Both the federal Liberal government and the federal NDP have been dodgy on whether they support an east-west oil pipeline — largely because such projects are unpopular in Ontario and Quebec.
Like Ottawa and virtually every provincial government, the manifesto calls for investment in clean energy projects. As Ontario has found with its windmill policy, this isn’t always a politically painless process. But except for the manifesto’s suggestion that, (as in Germany and Denmark) such projects be community-controlled, it is hardly novel.
In fact, the Trudeau Liberals have already promised to undertake many of the manifesto’s recommendations. They have said they will implement the United Nations Declaration on the Rights of Indigenous Peoples; they have pledged to invest in public transit and green infrastructure.
Like the federal NDP, the manifesto calls for a national child-care program. Like the federal NDP (sometimes) and both U.S. Democratic presidential candidates, the manifesto opposes trade deals that limit government’s ability to regulate in the public interest.
Like former Liberal prime minister Paul Martin, the authors favour imposing a financial transaction tax to help pay for all of this.

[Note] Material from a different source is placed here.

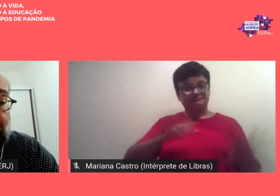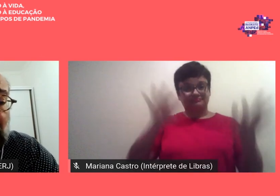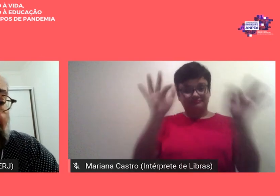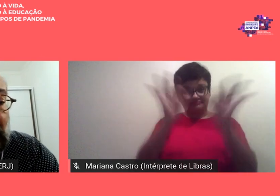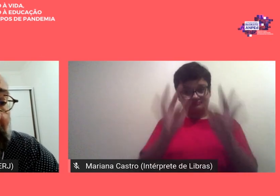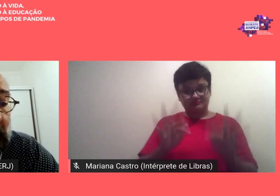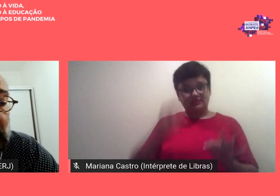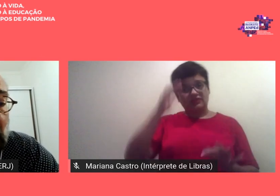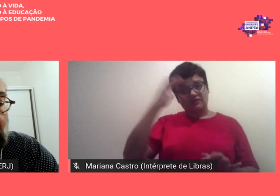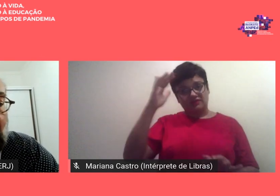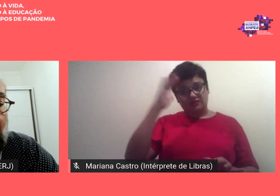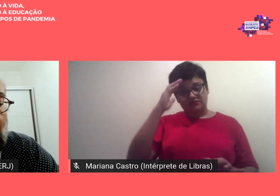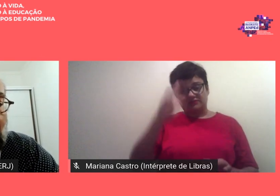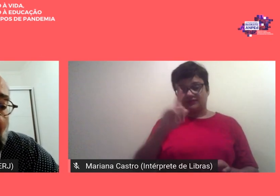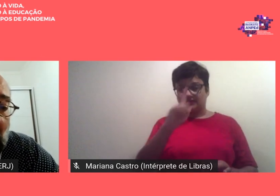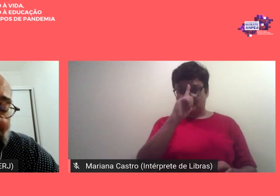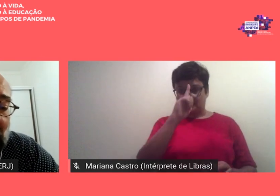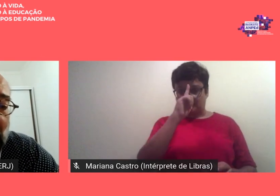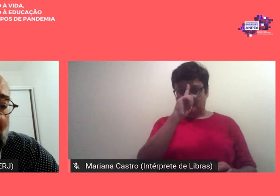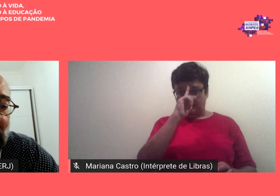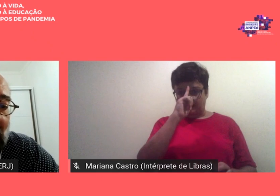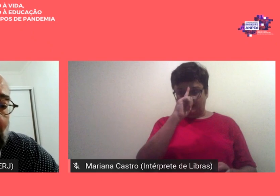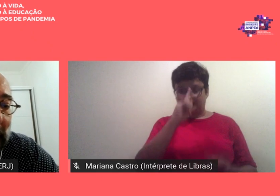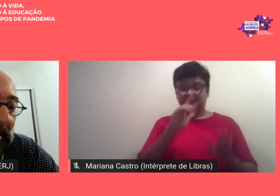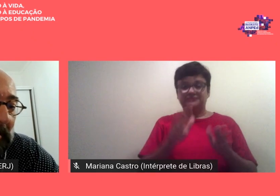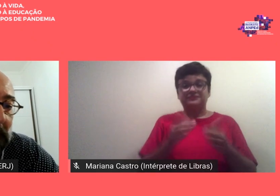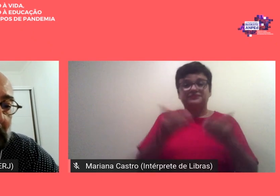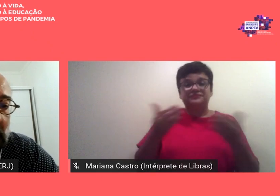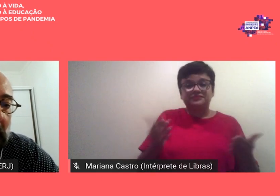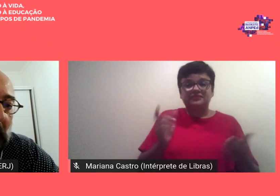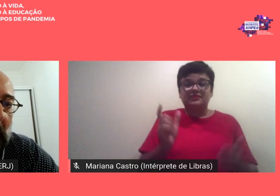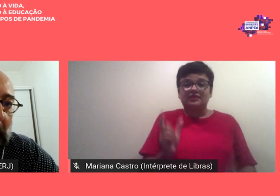então essa palavra

They also call for a carbon tax (like that levied by British Columbia’s right-of-centre government), higher taxes on the wealthy (like those imposed by the Trudeau Liberals) and higher corporate taxes (as suggested by the federal NDP).
Workers displaced by the move away from the carbon economy would be retrained.
In short, much of the Leap manifesto is not particularly new. What the authors have done is stitch together, largely from current practice, a sketchy but relatively coherent plan for immediate action against climate change.
If the NDP chooses not to embrace some form of this plan, the Trudeau Liberals probably will.